No, it’s not pressure-sensitive or anything, but it does have a practice mode and software designed specifically to help me play along to songs I like. I am an idiot. I need to buy a lesson book.

We Return You Now to Masterpiece Chatlog

Holly and I were discussing the inevitable self-recrimination that comes of owning a computer with anything one has ever written on it.

Brendan: I am not sure if there is a way to mature that does not involve violent, sickened hatred toward all one’s own past incarnations, but–hang on, I think I just reinvented Buddhism.
Holly: But Buddhism was invented by someone who didn’t have computer logs of half the things he’d ever said or written.
Brendan: Well, he WAS a lot cleverer than you or me, Holly.
Holly: And ha, yes, teachings “transmitted orally” for ages, says wikipedia, so maybe that is indeed the solution.
Holly: I bet he invented the computer and then saw what self-recriminations and nausea it would scatter on the path to enlightenment and self-improvement, and hid it at the bottom of a pond or something.
Holly: (This is the plot of the next Dan Brown novel.)

Skip this one, Mom

In mid-writing session:

Brendan: It’s a pretty old joke structure, but as Tina Fey has pointed out, if you get to a certain gag density people don’t notice that kind of thing.

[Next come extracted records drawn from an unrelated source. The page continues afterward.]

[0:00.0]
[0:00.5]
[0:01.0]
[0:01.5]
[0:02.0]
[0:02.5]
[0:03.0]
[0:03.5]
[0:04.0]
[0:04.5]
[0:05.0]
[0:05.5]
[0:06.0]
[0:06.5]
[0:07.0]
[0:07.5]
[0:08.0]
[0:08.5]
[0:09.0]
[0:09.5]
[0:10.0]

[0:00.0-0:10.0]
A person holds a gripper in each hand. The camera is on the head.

Many of the jokes in Arrested Development are groaningly old, but nobody notices because they come so thick and fast.
Brendan: … This is the part where you make a joke about coming thick and fast.
Stephen: I WOULD TOTALLY COME THICK AND FAST WITH TINA FEY
Brendan: There you go.
Stephen: BOYOYOYNG

I am not a fast reader

Time it took me to read A Deepness in the Sky: about a year.

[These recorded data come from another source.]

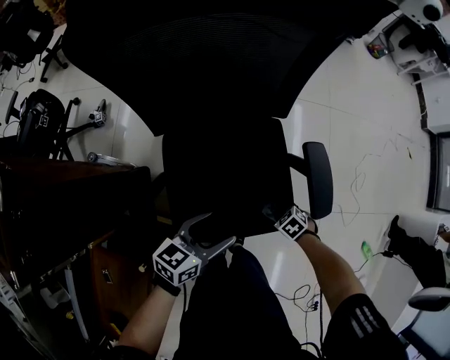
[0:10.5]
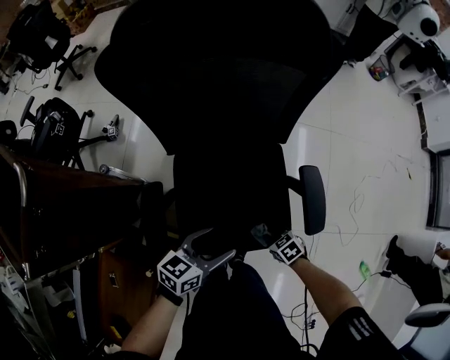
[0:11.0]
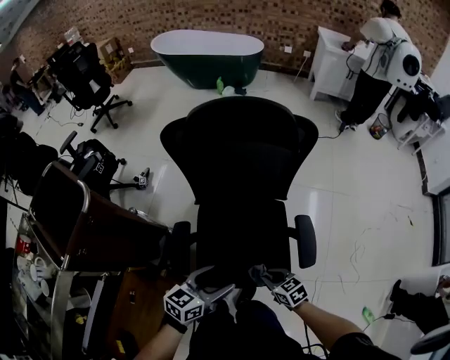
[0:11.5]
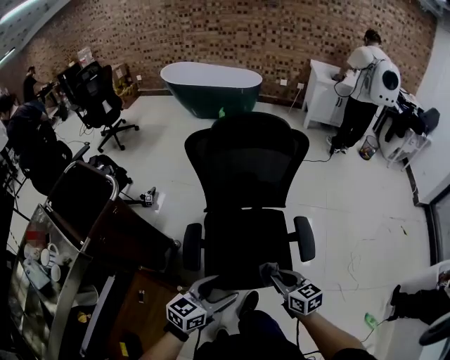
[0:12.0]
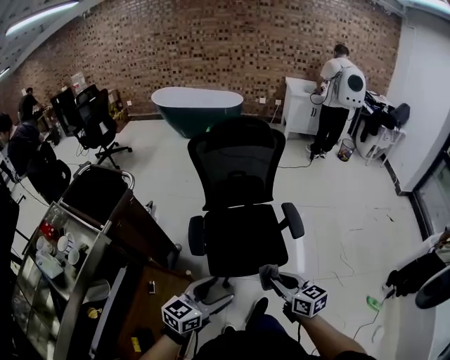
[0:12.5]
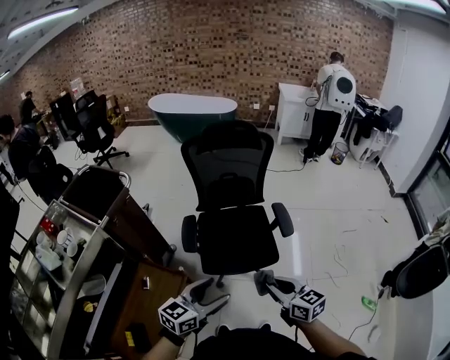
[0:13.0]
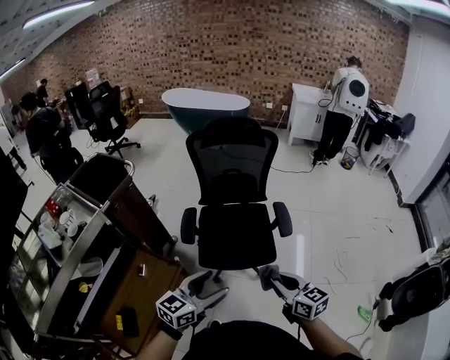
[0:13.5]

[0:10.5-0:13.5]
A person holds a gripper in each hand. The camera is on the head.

Time it took me to realize that the plot is an endorsement of free-market capitalism to an almost Randian degree (minus the class issues): about six months more.

Time it took me to grasp that the localizers in the book are a pretty clear metaphor for the actors in an idealized anarcho-capitalist society: eight months after that.

At this rate, I should be really catching on to some of the subtler symbolism ten years after I’m dead.

Sumana, you should probably stop reading here

What you have to understand about the Burger King Loaded Steakburger is that I had no choice in the matter. The moment I spied it billboardwise, during the long drive west, I was gripped by the same potent mixture of revulsion and lust that came upon me once in college, when Jon and I first saw the commercial for the Bacon Club Chalupa. We turned to each other, then, eyes wide and desperate, like two men drowning who each believe the other can swim.

Neither could.

So it was only a matter of time before I ran out of excuses for not planting this particular meatbomb in my face. Leaving the drive-thru not ten minutes ago, I left steering to my nervous left hand while my right fumbled through wrappers. The first thing I saw was the edge of the patty, protruding a full inch beyond the hapless bun like a beckoning pseudopod; the second was the utter absence of traditional dressing. There is no pickle here, no tomato. The bastards have delivered a sullen daub of gray potato and onion shards instead, and they have somehow transmuted lettuce to bacon. The rites involved are none I care to imagine.

The sandwich is not good. I stress this even in the full knowledge that it will accomplish nothing; those who weren’t going to eat it won’t, and the rest of you will have no more agency than I did. But like any Lovecraftian narrator, I am bound to commit these desperate words by sheer force of narrative. I must write of its taste, like barbecue Spam fried in motor oil. I must write of its texture, which is also like barbecue Spam fried in motor oil. I must tell you how it sits in my stomach e’en now, heavily roiled, plotting its course downward with the slow cunning of a brain-damaged tiger on spelunk.

Taco Bell recently reintroduced the Bacon Club Chalupa. Should I even have time to post this missive, I cannot imagine that I will outlive it long. The end is near. I hear a noise at the door, as of some crispy flatbread, sliding deep-fried fingers up to caress the latch.